6-K 1 form6k.htm FORM 6-K Sphere 3D Corp. - Form 6-K - Filed by newsfilecorp.com

UNITED STATES
SECURITIES AND EXCHANGE COMMISSION
Washington, D.C. 20549

FORM 6-K

REPORT OF FOREIGN PRIVATE ISSUER PURSUANT TO RULE 13a-16 OR 15d-16 UNDER THE SECURITIES EXCHANGE ACT OF 1934

For the month of April, 2016

Commission File Number: 001-36532

SPHERE 3D CORP.

240 Matheson Blvd. East
Mississauga, Ontario, Canada, L4Z 1X1
(Address of principal executive offices)

Indicate by check mark whether the registrant files or will file annual reports under cover Form 20-F or Form 40-F.

[   ] Form 20-F                             [X] Form 40-F

Indicate by check mark if the registrant is submitting the Form 6-K in paper as permitted by Regulation S-T Rule 101(b)(1): [   ]

Indicate by check mark if the registrant is submitting the Form 6-K in paper as permitted by Regulation S-T Rule 101(b)(7): [   ]

Indicate by check mark whether by furnishing the information contained in this Form, the registrant is also thereby furnishing the information to the Commission pursuant to Rule 12g3-2(b) under the Securities Exchange Act of 1934.
Yes [   ]          No [X]

If "Yes" is marked, indicate below the file number assigned to the registrant in connection with Rule 12g3-2(b):

The information contained in this Form 6-K is incorporated by reference into, or as additional exhibits to, as applicable, the registrant's outstanding registration statements.


Overland Storage, Inc., a California corporation (“Overland”) and wholly owned subsidiary of Sphere 3D Corp. (the “Company”), Tandberg Data GmbH, a limited liability company organized under the laws of Germany (“Tandberg” and, together with Overland, collectively the “Borrowers”), and Opus Bank, a California commercial bank, as Lender (“Lender”), have entered into a Credit Agreement, dated as of April 6, 2016 (the “Credit Agreement”). Pursuant to the terms of the Credit Agreement, the Lender will provide the Borrowers a $10 Million revolving credit facility and Overland $10 Million term loan facility. The revolving credit facility will mature on April 6, 2018, and the term loan facility will mature the earlier of the maturity date in the Debenture (as defined below) or April 6, 2020. Further, as a condition of the extension of credit to the Borrowers under the Credit Agreement, the Company has agreed to issue to the Lender a warrant (the "Warrant") for the purchase of up to 1,541,768 common shares at an exercise price of $1.30 per common share.

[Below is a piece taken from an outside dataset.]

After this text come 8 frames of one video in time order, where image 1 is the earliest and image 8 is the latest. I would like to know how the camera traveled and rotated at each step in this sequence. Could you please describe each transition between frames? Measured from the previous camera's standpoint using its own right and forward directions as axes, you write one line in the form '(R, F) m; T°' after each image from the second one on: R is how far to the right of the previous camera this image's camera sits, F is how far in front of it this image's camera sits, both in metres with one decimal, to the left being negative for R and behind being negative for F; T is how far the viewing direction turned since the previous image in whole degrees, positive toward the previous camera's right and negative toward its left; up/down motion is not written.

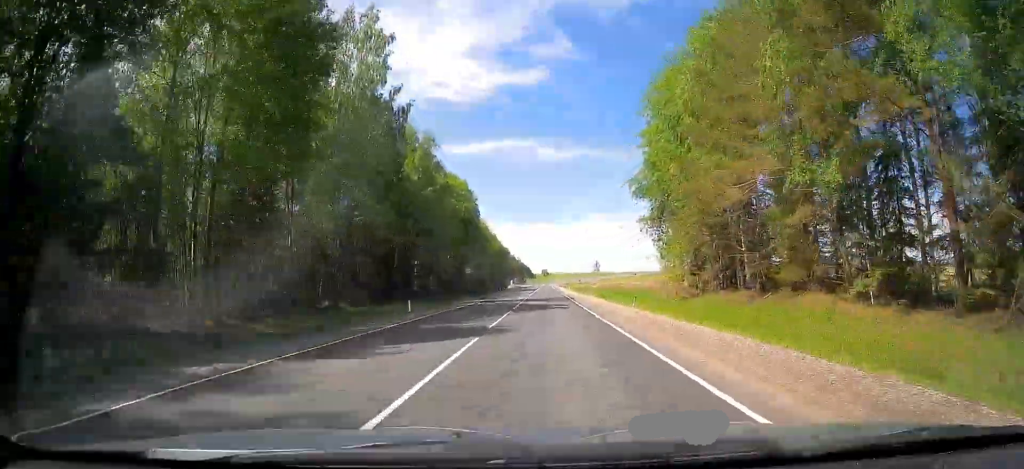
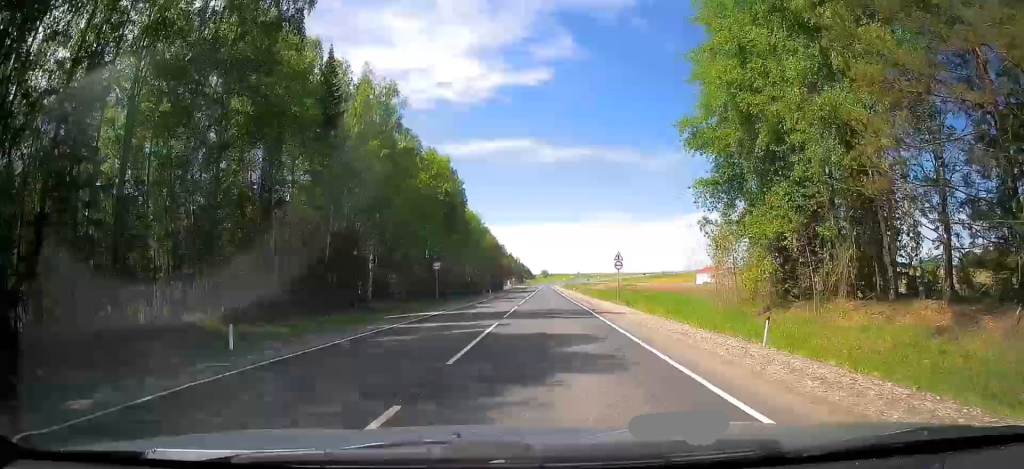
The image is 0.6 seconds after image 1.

The Company also entered into a Second Amendment (the “Second Amendment”) to its existing 8% Senior Secured Convertible Debenture, dated December 1, 2014, issued to FBC Holdings S.a r.l. (the “Debenture”), pursuant to which, among other things, the Debenture has been amended to provide an additional loan of $5,000,000 under the Debenture (the “Additional Loan”) and to make certain other amendments provided therein. The proceeds of the Additional Loan were used to pay off a portion of the outstanding obligations under the Revolving Credit Agreement referred to below.

In connection with the transactions contemplated by the Credit Agreement and the Second Amendment, the Company and the Borrowers have repaid all outstanding obligations under the Amended and Restated Loan and Security Agreement, dated as of March 19, 2014, by and among the Borrowers and Silicon Valley Bank, as amended, and all outstanding obligations under the Revolving Credit Agreement, dated as of July 10, 2015, by and among the Company, the subsidiaries of the Company party thereto and FBC Holdings S.a r.l., and such Amended and Restated Loan and Security Agreement and the Revolving Credit Agreement have been terminated.

The foregoing descriptions of the Warrant and the Second Amendment do not purport to be complete and are qualified in their entirety by reference to each of the Warrant and the Second Amendment, the forms of which are attached hereto as Exhibits 99.1 and 99.2, respectively, and incorporated herein by reference. The foregoing description of the Credit Amendment does not purport to be complete and is qualified in its entirety by reference to the Credit Amendment, which the Company intends to file as an exhibit to a subsequently-filed Report on Form 6-K. The Company intends to seek confidential treatment for certain portions of the Credit Amendment pursuant to a confidential treatment request to be submitted to the Securities and Exchange Commission pursuant to Rule 24b-2 under the Securities Exchange Act of 1934, as amended.


SUBMITTED HEREWITH

Exhibits

  99.1

Warrant

     
  99.2

Second Amendment

     
  99.3

News Release dated April 6, 2016

     
  99.4

News Release dated April 6, 2016



SIGNATURE

            Pursuant to the requirements of the Securities Exchange Act of 1934, the registrant has duly caused this report to be signed on its behalf by the undersigned, thereunto duly authorized.

                        SPHERE 3D CORP.